To begin using the Sample Text Processor, follow these steps:

1. Clone the Repository

Retrieve the skill’s source code from its official repository:

git clone https://github.com/alirezarezvani/claude-skills.git
cd claude-skills/engineering/skill-tester/assets/sample-skill

2. Review the Code

Open the main Python script (commonly sample_text_processor.py or similar) to familiarize yourself with its architecture and entry points.

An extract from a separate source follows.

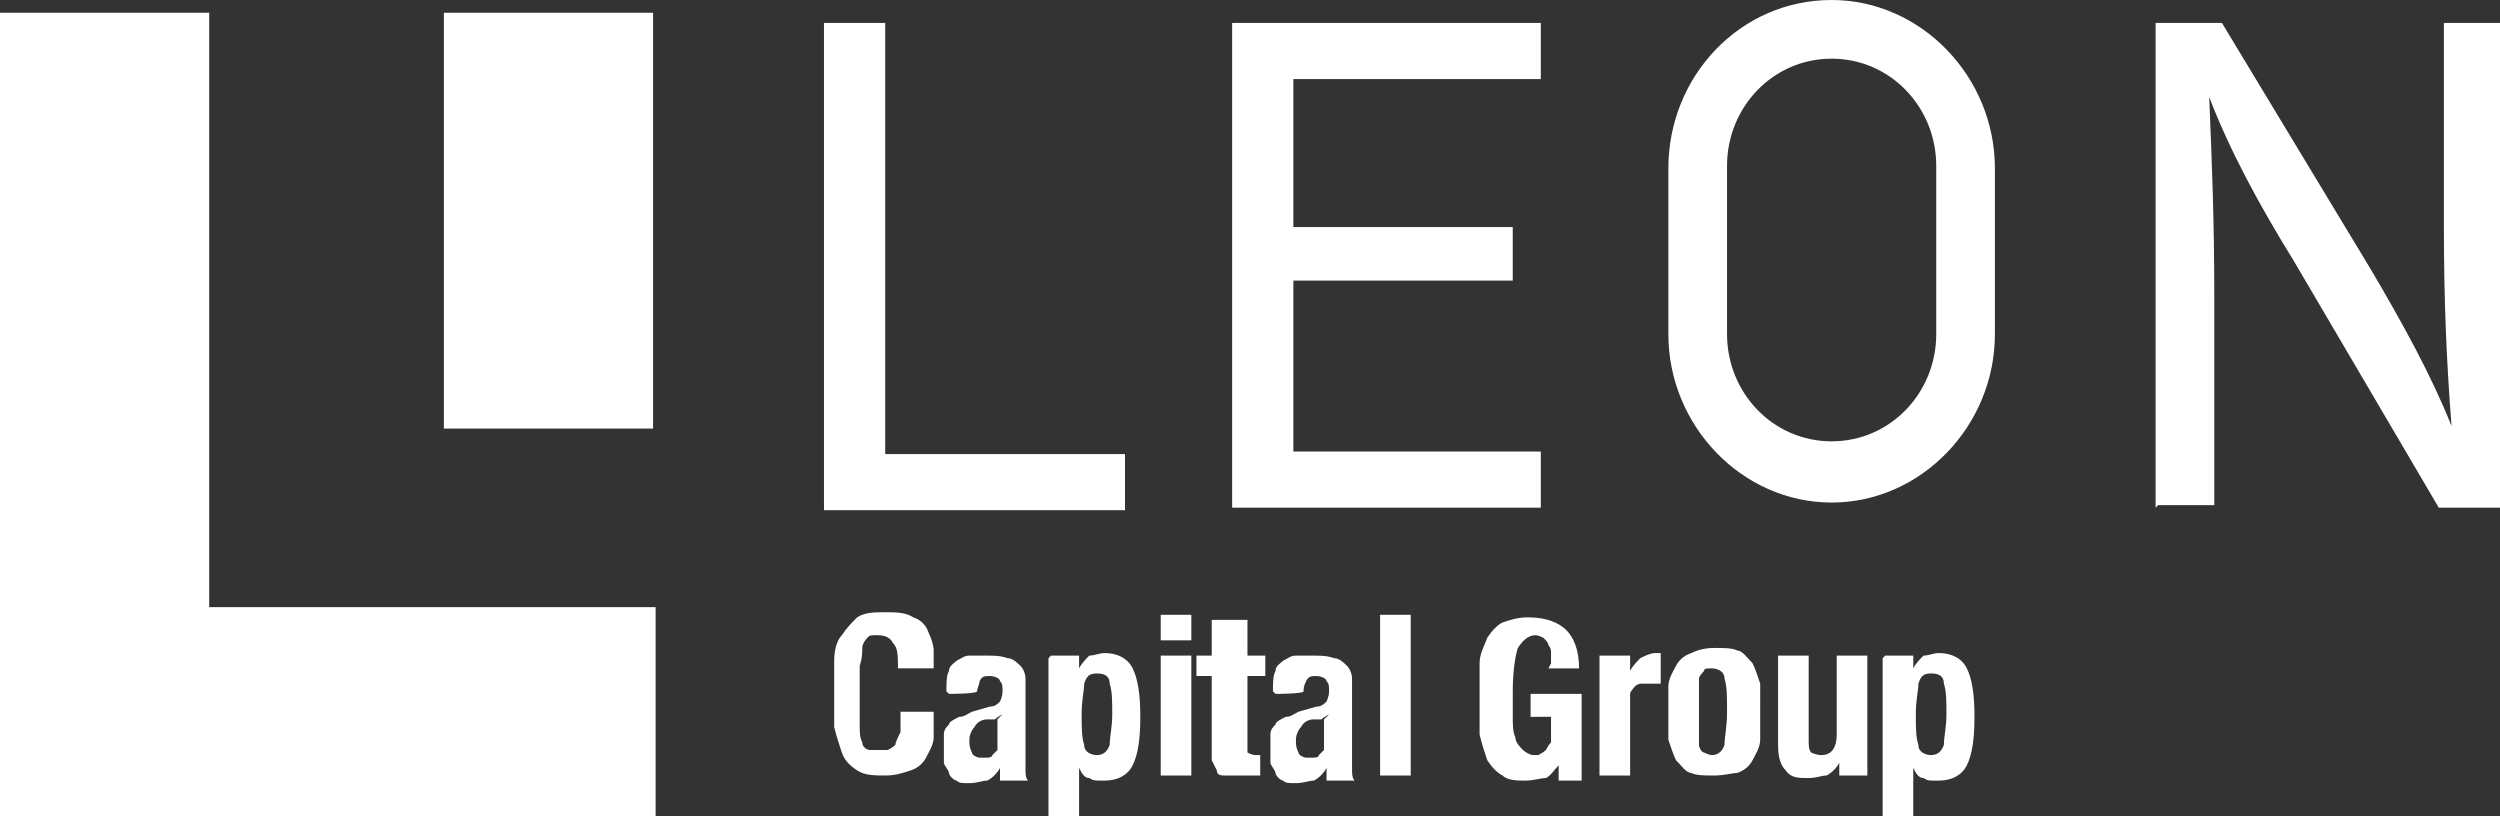 <svg xmlns="http://www.w3.org/2000/svg" id="Layer_1" data-name="Layer 1" version="1.1" viewBox="0 0 98 32"><rect x="0" y="0" width="98" height="32" fill="#333333" stroke="none"/><defs><clipPath id="clippath"><path fill="none" stroke-width="0" d="M0 0h98v32H0z"/></clipPath><style>.cls-3{stroke-width:0;fill:#fff}</style></defs><g clip-path="url(#clippath)"><path d="M25.6.5h-8.2v16.3h8.2V.5z" class="cls-3"/><path d="M8.2 23.8V.5H0V32h25.7v-8.2H8.2zM32.2.9h2.5v16.9h9.4V20H32.3V.9zM59.3 11h-8.6v6.7h9.7v2.2H48.3V.9h12.1v2.2h-9.7v5.8h8.6v2.2zM35.2 26.2c0-.5 0-.8-.2-1-.1-.2-.3-.3-.6-.3s-.3 0-.4.1c0 0-.2.2-.2.4s0 .4-.1.7v2.3c0 .3 0 .5.1.7 0 .2.2.3.3.3h.7s.2-.1.3-.2c0-.1.1-.3.2-.5v-.8h1.3v1c0 .3-.2.6-.3.8-.1.2-.3.4-.6.5-.3.1-.6.2-1 .2s-.8 0-1.1-.2c-.3-.2-.5-.4-.6-.7-.1-.3-.2-.6-.3-1v-2.6c0-.4.1-.8.3-1 .2-.3.4-.5.6-.7.3-.2.7-.2 1.1-.2s.8 0 1.1.2c.3.1.5.3.6.6.1.2.2.5.2.7v.7h-1.3zm4.1 1.8s-.2.1-.3.2h-.3c-.2 0-.4.1-.5.3-.1.1-.2.3-.2.5s0 .3.1.5c0 .1.2.2.3.2h.3s.2 0 .2-.1l.2-.2v-1.2zm-2.2-.9c0-.4 0-.6.1-.8 0-.2.2-.3.3-.4.2-.1.3-.2.5-.2h.6c.4 0 .6 0 .9.1.2 0 .4.2.5.3s.2.3.2.5v3.6c0 .1 0 .3.1.4h-1.1v-.5c-.1.2-.3.4-.5.5-.2 0-.4.1-.7.1s-.4 0-.5-.1c-.1 0-.3-.2-.3-.3 0-.1-.2-.3-.2-.4v-1.1c0-.2.1-.3.2-.4 0-.1.2-.2.4-.3.2 0 .3-.1.5-.2l.7-.2c.2 0 .3-.1.4-.2 0 0 .1-.2.1-.4s0-.3-.1-.4c0-.1-.2-.2-.4-.2s-.3 0-.4.2c0 .1-.1.3-.1.4 0 .1-1.1.1-1.1.1zm4.1-1.4h1.1v.5c.1-.2.3-.4.4-.5.2 0 .4-.1.6-.1.5 0 .9.2 1.1.6.2.4.3 1 .3 1.9s-.1 1.5-.3 1.9c-.2.4-.6.6-1.1.6s-.4 0-.6-.1c-.2 0-.3-.2-.4-.4v2h-1.2v-6.3zm1.2 2.3c0 .5 0 .9.1 1.2 0 .3.3.4.5.4s.4-.1.5-.4c0-.3.1-.7.1-1.2s0-.9-.1-1.2c0-.3-.2-.4-.5-.4s-.4.1-.5.4c0 .3-.1.6-.1 1.2zm3.1-3.9h1.2v1h-1.2v-1zm0 1.6h1.2v4.7h-1.2v-4.7zm2.2-1.4h1.2v1.4h.7v.8h-.7v3s.2.1.3.1h.2v.8H48c-.1 0-.3 0-.3-.2l-.2-.4v-3.3h-.6v-.8h.6v-1.4zm4.4 3.7s-.2.1-.3.2h-.3c-.2 0-.4.1-.5.3-.1.1-.2.3-.2.5s0 .3.1.5c0 .1.2.2.3.2h.3s.2 0 .2-.1l.2-.2v-1.2zm-2.2-.9c0-.4 0-.6.1-.8 0-.2.2-.3.3-.4.2-.1.3-.2.5-.2h.6c.4 0 .6 0 .9.1.2 0 .4.2.5.3.1.1.2.3.2.5v3.6c0 .1 0 .3.1.4H52v-.5c-.1.2-.3.4-.5.5-.2 0-.4.1-.7.1s-.4 0-.5-.1c-.1 0-.3-.2-.3-.3 0-.1-.2-.3-.2-.4v-1.1c0-.2.1-.3.2-.4 0-.1.2-.2.4-.3.2 0 .3-.1.5-.2l.7-.2c.2 0 .3-.1.4-.2 0 0 .1-.2.1-.4s0-.3-.1-.4c0-.1-.2-.2-.4-.2s-.3 0-.4.2-.1.3-.1.4c0 .1-1.1.1-1.1.1zm4.2-3h1.2v6.3h-1.2v-6.3zm6.7 1.9v-.4c0-.1 0-.2-.1-.3 0-.1-.1-.2-.2-.3 0 0-.2-.1-.3-.1-.3 0-.5.2-.7.5-.1.3-.2.9-.2 1.7v1c0 .3 0 .6.1.8 0 .2.2.4.3.5.1.1.3.2.4.2h.2s.2-.1.3-.2c0 0 .1-.2.2-.3v-1H60v-.9h2v3.4h-.9V30c-.2.2-.3.4-.5.5-.2 0-.5.1-.8.1s-.7 0-.9-.2c-.2-.1-.4-.3-.6-.6-.1-.3-.2-.6-.3-1V26c0-.4.2-.7.3-1 .2-.3.4-.5.6-.6.3-.1.6-.2 1-.2.7 0 1.2.2 1.5.5.3.3.5.8.5 1.5h-1.2zm2-.3h1.1v.6c.1-.2.3-.4.4-.5.2-.1.4-.2.6-.2h.2v1.2h-.7c-.1 0-.2 0-.3.1 0 0-.2.2-.2.3v3.2h-1.2v-4.7zm3.8 2.3v1.2c0 .1.1.3.2.3 0 0 .2.1.3.1.2 0 .4-.1.5-.4 0-.3.1-.7.1-1.3s0-1-.1-1.3c0-.3-.3-.4-.5-.4s-.3 0-.3.1c0 0-.2.2-.2.3v1.2zm-1.2 0v-1.1c0-.3.2-.6.3-.8.1-.2.3-.4.6-.5.2-.1.5-.2.9-.2s.7 0 .9.1c.2 0 .4.3.6.5.1.2.2.5.3.8V29c0 .3-.2.6-.3.8-.1.2-.3.4-.6.5-.2 0-.5.1-.9.1s-.7 0-.9-.1c-.2 0-.4-.3-.6-.5-.1-.2-.2-.5-.3-.8v-1.1zm6.7 1.9c-.1.2-.3.4-.5.5-.2 0-.4.1-.7.1-.4 0-.7 0-.9-.3-.2-.2-.3-.5-.3-1v-3.5h1.2V29c0 .2 0 .4.1.5 0 0 .2.1.4.1.4 0 .6-.3.6-.8v-3.1h1.2v4.7h-1.1v-.6zm1.8-4.2H75v.5c.1-.2.3-.4.4-.5.2 0 .4-.1.6-.1.5 0 .9.2 1.1.6.2.4.3 1 .3 1.9s-.1 1.5-.3 1.9c-.2.4-.6.6-1.1.6s-.4 0-.6-.1c-.2 0-.3-.2-.4-.4v2h-1.2v-6.3zm1.2 2.3c0 .5 0 .9.1 1.2 0 .3.3.4.5.4s.4-.1.5-.4c0-.3.1-.7.1-1.2s0-.9-.1-1.2c0-.3-.2-.4-.5-.4s-.4.1-.5.4c0 .3-.1.6-.1 1.2zM71.8 0c-3.6 0-6.4 3-6.4 6.6v6.5c0 3.6 2.9 6.6 6.4 6.6s6.4-3 6.4-6.6V6.6C78.2 3 75.3 0 71.8 0zm4.1 13.1c0 2.3-1.8 4.2-4.1 4.2s-4.1-1.9-4.1-4.2V6.5c0-2.3 1.8-4.2 4.1-4.2s4.1 1.9 4.1 4.2v6.6zm8.6 6.8V.9h2.6l5.8 9.6c1.3 2.2 2.4 4.2 3.2 6.2-.2-2.6-.3-4.9-.3-7.9V.9H98v19h-2.4l-5.7-9.7c-1.3-2.1-2.5-4.3-3.3-6.4.1 2.4.2 4.7.2 7.9v8.1h-2.2z" class="cls-3"/></g></svg>

3. Run the Processor on a Text File

Assuming the script is named sample_text_processor.py, you can process a file as follows:

python sample_text_processor.py --input /path/to/file.txt --output-format json

This command processes the specified file and outputs the results in JSON format. To receive a human-readable report, use:

python sample_text_processor.py --input /path/to/file.txt --output-format human

4. Batch Processing

To analyze all .txt files in a directory, use the --input-dir flag (if supported):

python sample_text_processor.py --input-dir /path/to/directory --output-format json

5. Text Transformation

To apply a transformation, such as converting text to uppercase, add the appropriate flag:

python sample_text_processor.py --input file.txt --transform uppercase

Key Features

The Sample Text Processor provides several core and technical capabilities:

Word Count Analysis

  • Counts the total number of words
  • Identifies the number of unique words
  • Computes word frequency distribution

Character Statistics

  • Reports total character count
  • Counts the number of lines
  • Detects and enumerates special characters (punctuation, whitespace, etc.)

Text Transformations

  • Converts text to uppercase, lowercase, or title case, as specified by the user

File and Directory Processing

  • Processes individual files or entire directories (batch mode)
  • Automatically skips non-text files when processing directories

Dual Output Formats

  • Outputs results as structured JSON for programmatic consumption
  • Generates concise, human-readable summaries for manual review

Example Output

JSON Output:

{
  "word_count": 120,
  "unique_words": 80,
  "word_frequencies": {"sample": 10, "text": 8, "processor": 5},
  "character_count": 950,
  "line_count": 22,
  "special_characters": {"!": 3, "?": 2}
}

Human-Readable Output:

Total Words: 120
Unique Words: 80
Most Frequent Words:
  sample: 10
  text: 8
  processor: 5

Character Count: 950
Line Count: 22
Special Characters: ! (3), ? (2)

Best Practices

When using or extending the Sample Text Processor, consider the following best practices:

  • Maintain Code Readability: Follow the clear and modular patterns demonstrated in the reference code to ensure maintainability.
  • Extend with Purpose: When adding features, maintain the separation between analysis and transformation logic for ease of testing and reusability.
  • Documentation: Adhere to the documentation standards shown—ensure all new features are well documented in the code and accompanying markdown files.
  • Testing: Implement unit tests for any new functionality to preserve reliability, especially if contributing back to the claude-skills repository.
  • Follow Output Conventions: Preserve the dual-format output paradigm to maximize compatibility with other tools and workflows.

Important Notes

  • Intended as a Template: The Sample Text Processor is not optimized for performance or large-scale data. For heavy-duty processing, consider using or building on more advanced skills.
  • BASIC Tier Scope: The functionality is intentionally limited to meet the criteria for BASIC tier skills—future enhancements can be added carefully as needed.
  • Python Standard Library Only: No external dependencies are allowed. If you require advanced natural language processing, you may need to create a separate, higher-tier skill.
  • Repository Structure: When contributing, preserve the file and directory structure outlined in the reference implementation to maintain ecosystem consistency.
  • Skill Evolution: Monitor updates to the claude-skills guidelines, as best practices and interface requirements may evolve over time.

By leveraging and learning from the Sample Text Processor, developers can efficiently create robust, well-documented skills that integrate seamlessly with the claude-skills ecosystem.